Thought for the Day, December 6th 2021

 I recently overheard the following conversation between my children. My eight year old declared that he doesn’t believe in God, to which my daughter replied, “But you believe in Santa!” “That’s different,” he said. “I have proof that Santa exists, because he leaves me presents every year.” To which my other son replied, “God is like Santa; a fat guy with a beard who you never see. You ask him for stuff and sometimes he delivers.” 

This observation taught me two things; one, belief and faith are quite different, and two, I really do need to have another chat with my sons about God. 

Now might be a good time to do that because today the Church observes the feast day of Saint Nicholas, Bishop of Myra and elusive source of the tale of Santa Claus. The stories about him have become laced with legend but one strand of folklore seems to be key; this legendary figure, rooted in history, gives generously and he does it in secret, when no one can see, and he asks for nothing in return. Leaving good and naughty lists aside, this is a deeply Christian idea of giving.

I grew up in an atheist home where Santa Claus was everything to the Christmas season. I can still vividly recall the hushed excitement of my brother and I leaving our beds in the dark and creeping downstairs behind our parents to see if Santa had visited. The mince pie we’d left would have one neat, politely bitten bite, and the drink we’d left - our Santa drank whiskey - would be all but gone. Christmas was an outpouring of wonder and magic, and it was fantastic. 
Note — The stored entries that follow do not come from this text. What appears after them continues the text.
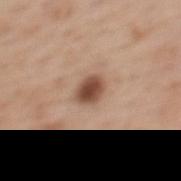Q: Is there a histopathology result?
A: imaged on a skin check; not biopsied
Q: What are the patient's age and sex?
A: female, roughly 45 years of age
Q: What is the anatomic site?
A: the mid back
Q: What kind of image is this?
A: ~15 mm tile from a whole-body skin photo
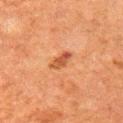{
  "biopsy_status": "not biopsied; imaged during a skin examination",
  "patient": {
    "sex": "male",
    "age_approx": 60
  },
  "image": {
    "source": "total-body photography crop",
    "field_of_view_mm": 15
  },
  "site": "right upper arm",
  "lighting": "cross-polarized",
  "automated_metrics": {
    "area_mm2_approx": 4.0,
    "eccentricity": 0.85,
    "shape_asymmetry": 0.25,
    "cielab_L": 42,
    "cielab_a": 24,
    "cielab_b": 32,
    "vs_skin_darker_L": 9.0,
    "vs_skin_contrast_norm": 7.5,
    "border_irregularity_0_10": 3.0,
    "peripheral_color_asymmetry": 1.5
  },
  "lesion_size": {
    "long_diameter_mm_approx": 3.0
  }
}
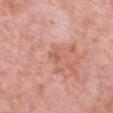notes=imaged on a skin check; not biopsied
automated lesion analysis=a normalized border contrast of about 5; a classifier nevus-likeness of about 0/100 and lesion-presence confidence of about 100/100
acquisition=total-body-photography crop, ~15 mm field of view
lighting=white-light illumination
diameter=~1.5 mm (longest diameter)
subject=female, aged 48–52
location=the chest
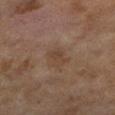Q: Was a biopsy performed?
A: total-body-photography surveillance lesion; no biopsy
Q: What lighting was used for the tile?
A: cross-polarized
Q: Automated lesion metrics?
A: a lesion color around L≈36 a*≈14 b*≈24 in CIELAB and roughly 5 lightness units darker than nearby skin; peripheral color asymmetry of about 0.5; an automated nevus-likeness rating near 0 out of 100 and lesion-presence confidence of about 100/100
Q: What kind of image is this?
A: ~15 mm tile from a whole-body skin photo
Q: Lesion size?
A: ~2.5 mm (longest diameter)
Q: What is the anatomic site?
A: the left lower leg
Q: Patient demographics?
A: female, in their 60s
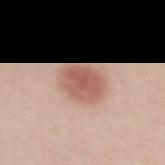  biopsy_status: not biopsied; imaged during a skin examination
  site: mid back
  lesion_size:
    long_diameter_mm_approx: 4.0
  lighting: white-light
  patient:
    sex: female
    age_approx: 40
  image:
    source: total-body photography crop
    field_of_view_mm: 15
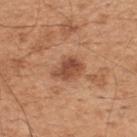Captured during whole-body skin photography for melanoma surveillance; the lesion was not biopsied.
The lesion's longest dimension is about 3.5 mm.
A 15 mm crop from a total-body photograph taken for skin-cancer surveillance.
The lesion is located on the upper back.
A male subject, aged approximately 45.
Imaged with white-light lighting.
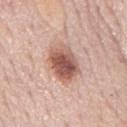Recorded during total-body skin imaging; not selected for excision or biopsy.
A 15 mm close-up extracted from a 3D total-body photography capture.
A male subject, aged 73 to 77.
Imaged with white-light lighting.
From the mid back.
Longest diameter approximately 5 mm.
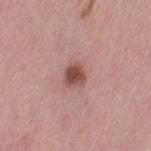No biopsy was performed on this lesion — it was imaged during a full skin examination and was not determined to be concerning.
A female subject, roughly 35 years of age.
Measured at roughly 2.5 mm in maximum diameter.
From the left thigh.
Cropped from a total-body skin-imaging series; the visible field is about 15 mm.
The tile uses white-light illumination.
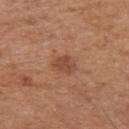{
  "image": {
    "source": "total-body photography crop",
    "field_of_view_mm": 15
  },
  "patient": {
    "sex": "male",
    "age_approx": 65
  },
  "site": "left upper arm"
}
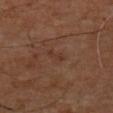This lesion was catalogued during total-body skin photography and was not selected for biopsy.
A region of skin cropped from a whole-body photographic capture, roughly 15 mm wide.
Automated tile analysis of the lesion measured a lesion area of about 2 mm², a shape eccentricity near 0.95, and a shape-asymmetry score of about 0.35 (0 = symmetric). The software also gave an average lesion color of about L≈30 a*≈18 b*≈24 (CIELAB), about 4 CIELAB-L* units darker than the surrounding skin, and a normalized lesion–skin contrast near 5. The software also gave border irregularity of about 5 on a 0–10 scale, a color-variation rating of about 0/10, and peripheral color asymmetry of about 0.
On the front of the torso.
A male subject roughly 60 years of age.
Captured under cross-polarized illumination.

When I became a Christian in adulthood I experienced anew the wonder and magic of the Christmas season, the focal point now being Jesus, who said that unless we change and become like little children, we will never enter the kingdom of heaven. My coming to faith has been a gradual unknowing; a letting go of ego and a realisation that I don’t need to have all the answers. It has been a reclaiming of the forgotten wonder of childhood, where imagination makes anything possible. Saint Augustine wrote that faith is to believe what you do not see and that the reward of this faith is to see what you believe. For me, Jesus Christ - the ultimate present from God – is the proof that God does indeed deliver.